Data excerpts

»»

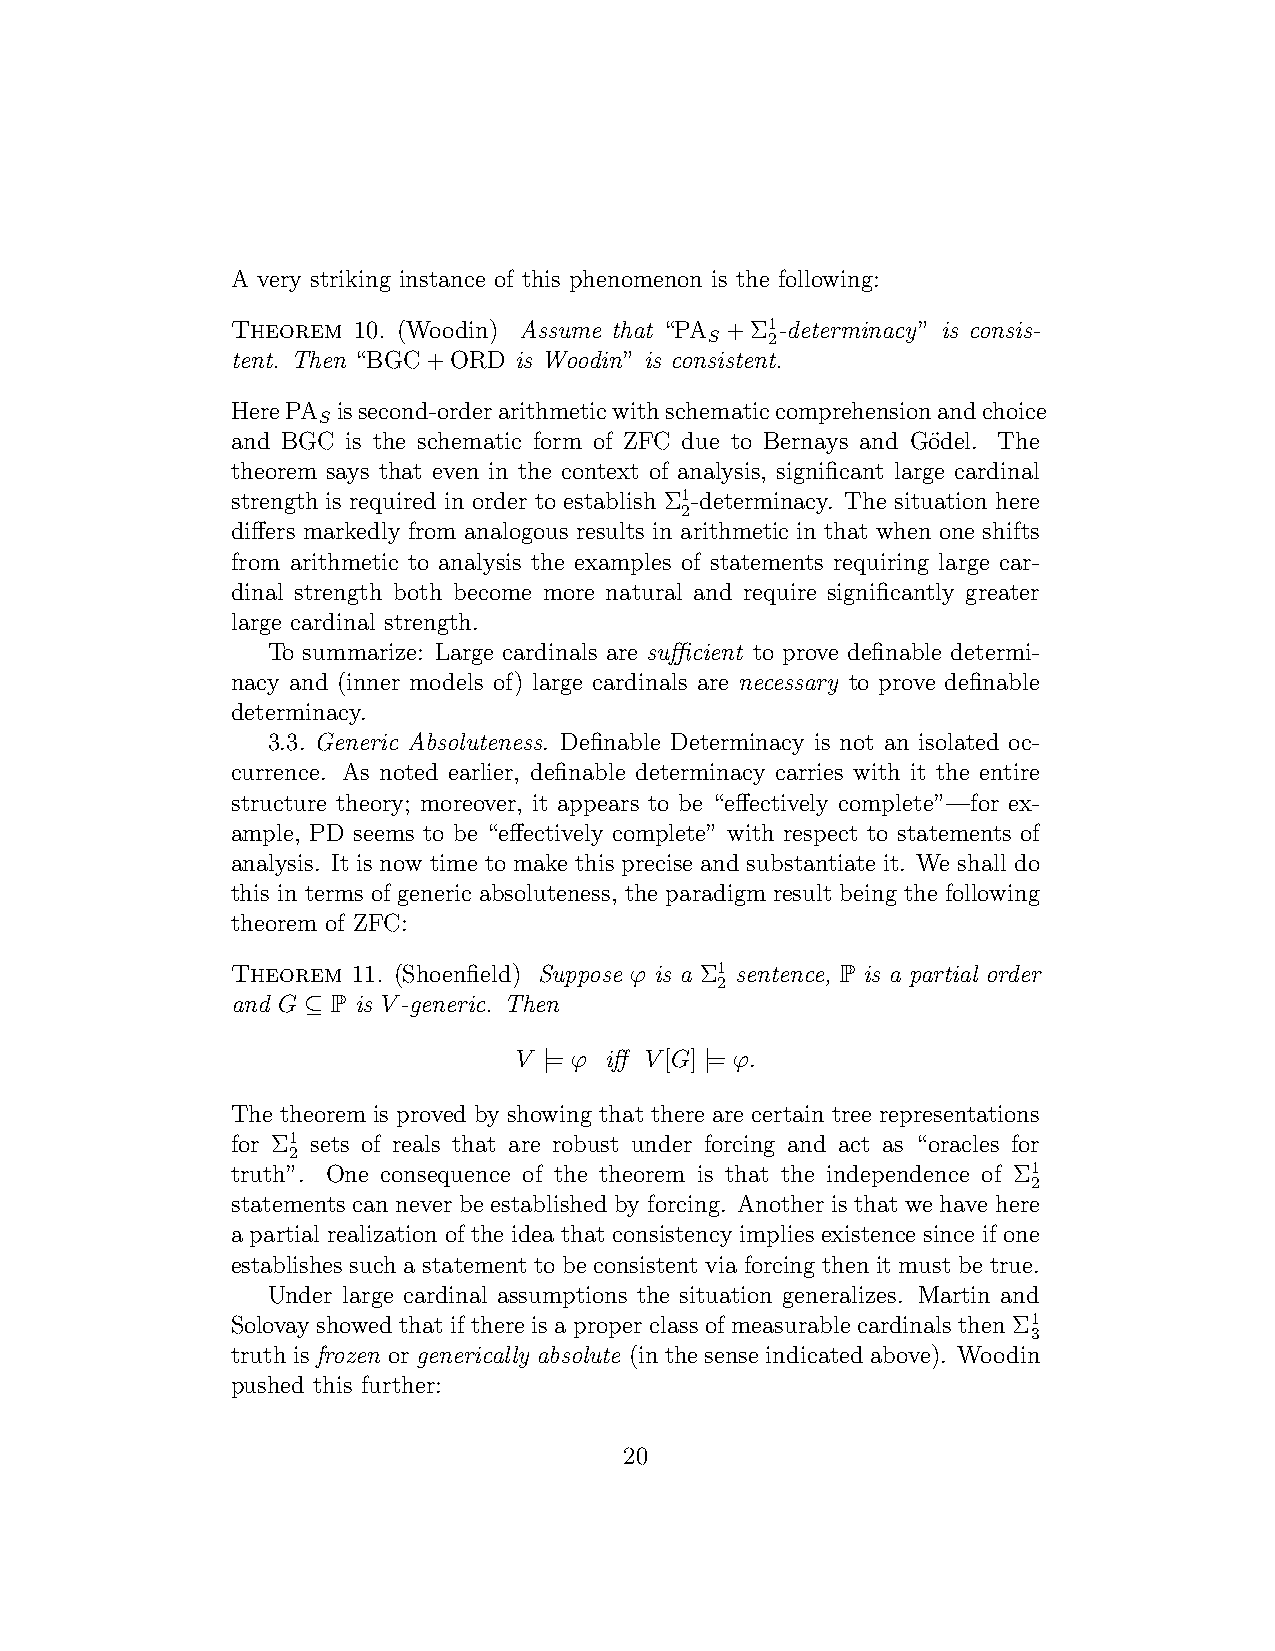
A very striking instance of this phenomenon is the following:
 Theorem 10. (Woodin) Assume that “PA +Σ1-determinacy” is consis-
 S   2
 tent. Then “BGC+ORD is Woodin” is consistent.
 HerePA issecond-orderarithmeticwithschematiccomprehensionandchoice
 S
 and BGC is the schematic form of ZFC due to Bernays and Go¨del. The
 theorem says that even in the context of analysis, significant large cardinal
 strength is required in order to establish Σ1-determinacy. The situation here
 2
 differs markedly from analogous results in arithmetic in that when one shifts
 from arithmetic to analysis the examples of statements requiring large car-
 dinal strength both become more natural and require significantly greater
 large cardinal strength.
 To summarize: Large cardinals are sufficient to prove definable determi-
 nacy and (inner models of) large cardinals are necessary to prove definable
 determinacy.
 3.3. Generic Absoluteness. Definable Determinacy is not an isolated oc-
 currence. As noted earlier, definable determinacy carries with it the entire
 structure theory; moreover, it appears to be “effectively complete”—for ex-
 ample, PD seems to be “effectively complete” with respect to statements of
 analysis. It is now time to make this precise and substantiate it. We shall do
 this in terms of generic absoluteness, the paradigm result being the following
 theorem of ZFC:
 Theorem 11. (Shoenfield) Suppose ϕ is a Σ1 sentence, P is a partial order
 2
 and G ⊆ P is V-generic. Then
 V |= ϕ iff V[G] |= ϕ.
 The theorem is proved by showing that there are certain tree representations
 for Σ1 sets of reals that are robust under forcing and act as “oracles for
 2
 truth”. One consequence of the theorem is that the independence of Σ1
 2
 statements can never be established by forcing. Another is that we have here
 a partial realization of the idea that consistency implies existence since if one
 establishes such a statement to be consistent via forcing then it must be true.
 Under large cardinal assumptions the situation generalizes. Martin and
 Solovay showed that if there is a proper class of measurable cardinals then Σ1
 3
 truth is frozen or generically absolute (in the sense indicated above). Woodin
 pushed this further:
 20

««

**WHAT YOU HAVE TO DO**
Set the lines above down again, word for word, from the first through the one containing "ample, PD seems"; pictures excluded.

**EXERCISE OUTPUT**
A very striking instance of this phenomenon is the following:
 Theorem 10. (Woodin) Assume that “PA +Σ1-determinacy” is consis-
 S   2
 tent. Then “BGC+ORD is Woodin” is consistent.
 HerePA issecond-orderarithmeticwithschematiccomprehensionandchoice
 S
 and BGC is the schematic form of ZFC due to Bernays and Go¨del. The
 theorem says that even in the context of analysis, significant large cardinal
 strength is required in order to establish Σ1-determinacy. The situation here
 2
 differs markedly from analogous results in arithmetic in that when one shifts
 from arithmetic to analysis the examples of statements requiring large car-
 dinal strength both become more natural and require significantly greater
 large cardinal strength.
 To summarize: Large cardinals are sufficient to prove definable determi-
 nacy and (inner models of) large cardinals are necessary to prove definable
 determinacy.
 3.3. Generic Absoluteness. Definable Determinacy is not an isolated oc-
 currence. As noted earlier, definable determinacy carries with it the entire
 structure theory; moreover, it appears to be “effectively complete”—for ex-
 ample, PD seems to be “effectively complete” with respect to statements of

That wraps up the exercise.